A subtraction needs the Cin to be set.
But I remember that there is a double-inversion somewhere and some carry was no inverted.

And I can't even get something as simple as above right on the first try in C, I must remove even more: the carry, the inversion...

................................................................

But I finally managed to get something that works in C.
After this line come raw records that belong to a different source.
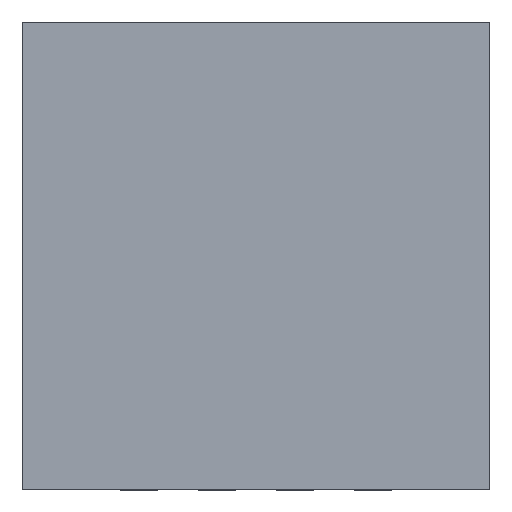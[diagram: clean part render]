
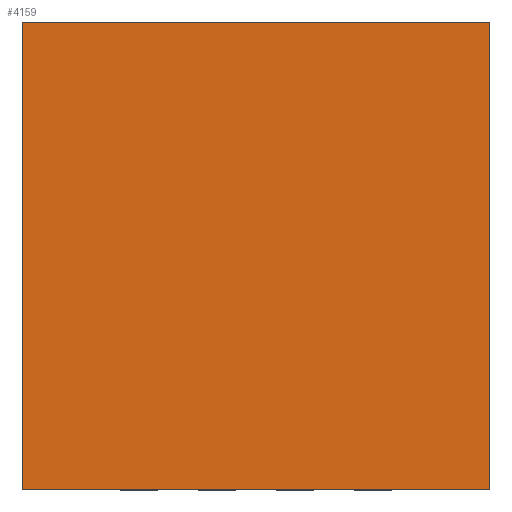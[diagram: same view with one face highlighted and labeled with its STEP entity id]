
A CAD part, top view. The second image highlights one B-rep face of the part: STEP entity #4159.
In plain terms, the highlighted face is planar.
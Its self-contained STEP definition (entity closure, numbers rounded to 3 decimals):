
#1798=DIRECTION('',(0.,0.,1.));
#1799=VECTOR('',#1798,3.);
#1800=CARTESIAN_POINT('',(-1.5,0.975,-1.5));
#1801=LINE('',#1800,#1799);
#1805=DIRECTION('',(-1.,0.,0.));
#1806=VECTOR('',#1805,3.);
#1807=CARTESIAN_POINT('',(1.5,0.975,-1.5));
#1808=LINE('',#1807,#1806);
#1812=DIRECTION('',(0.,0.,-1.));
#1813=VECTOR('',#1812,3.);
#1814=CARTESIAN_POINT('',(1.5,0.975,1.5));
#1815=LINE('',#1814,#1813);
#1819=DIRECTION('',(1.,0.,0.));
#1820=VECTOR('',#1819,3.);
#1821=CARTESIAN_POINT('',(-1.5,0.975,1.5));
#1822=LINE('',#1821,#1820);
#2534=CARTESIAN_POINT('',(-1.5,0.975,-1.5));
#2535=CARTESIAN_POINT('',(-1.5,0.975,1.5));
#2536=VERTEX_POINT('',#2534);
#2537=VERTEX_POINT('',#2535);
#2538=CARTESIAN_POINT('',(1.5,0.975,1.5));
#2539=VERTEX_POINT('',#2538);
#2540=CARTESIAN_POINT('',(1.5,0.975,-1.5));
#2541=VERTEX_POINT('',#2540);
#4148=CARTESIAN_POINT('',(0.,0.975,0.));
#4149=DIRECTION('',(0.,1.,0.));
#4150=DIRECTION('',(1.,0.,0.));
#4151=AXIS2_PLACEMENT_3D('',#4148,#4149,#4150);
#4152=PLANE('',#4151);
#4153=ORIENTED_EDGE('',*,*,#3847,.F.);
#4154=ORIENTED_EDGE('',*,*,#3238,.F.);
#4155=ORIENTED_EDGE('',*,*,#3539,.F.);
#4156=ORIENTED_EDGE('',*,*,#3682,.F.);
#4157=EDGE_LOOP('',(#4153,#4154,#4155,#4156));
#4158=FACE_OUTER_BOUND('',#4157,.F.);
#3238=EDGE_CURVE('',#2541,#2536,#1808,.T.);
#3539=EDGE_CURVE('',#2539,#2541,#1815,.T.);
#3682=EDGE_CURVE('',#2537,#2539,#1822,.T.);
#3847=EDGE_CURVE('',#2536,#2537,#1801,.T.);
#4159=ADVANCED_FACE('',(#4158),#4152,.T.);

#define MASK17  ((1<<17)-1)
#define MASK18  ((1<<18)-1)
#define MODULUS (258114)
#define ADJUST  (262144-MODULUS)
#define INIT_X   (56247) // "01101101110110111"
#define INIT_Y  (2*(111981)) // "11011010101101101"  2× to trigger carry

// Scrambler
int Message_in, OpM, OpY2, ResX, X, Y,
    CX, CXin, CXout, Scrambled_out;

void init_scrambler() {
  X=INIT_X;  // does not matter yet
  Y=INIT_Y;
  CX=0;
}

void cycle_scrambler() {
  OpM = Message_in;
  OpY2 = Y;
  CXin = CX;
  ResX = OpM + OpY2 + CXin;
  X = ResX & MASK18;
  CX = ResX >> 18;
  Scrambled_out = X;
}

// Decrambler
int Scrambled_in, OpM2, OpB2, B, A, ResA,
    CA, CAin, CAout, Message_out, error;

void init_descrambler() {
  A=-1;
  B=INIT_Y;
  CA=1;
}

void cycle_descrambler() {
  OpM2 = Scrambled_in;
  OpB2 = (~B) & MASK18;
  CAin = CA;
  ResA = OpM2 + OpB2 + CAin;
  A  = ResA & MASK18;
  CA = ResA >> 18;
  Message_out = ResA & MASK17;
  error = (ResA >> 17 ) & 1;
}

I modified INIT_Y to force the carry condition, don't worry.

CA and CX are inverted from each other, but it comes from the computation, no need of explicit inverstion. Only initialise them properly: CX=0, CA=1. It's simple yet very not obvious...

This inversion situation needs proper modelling and explanation.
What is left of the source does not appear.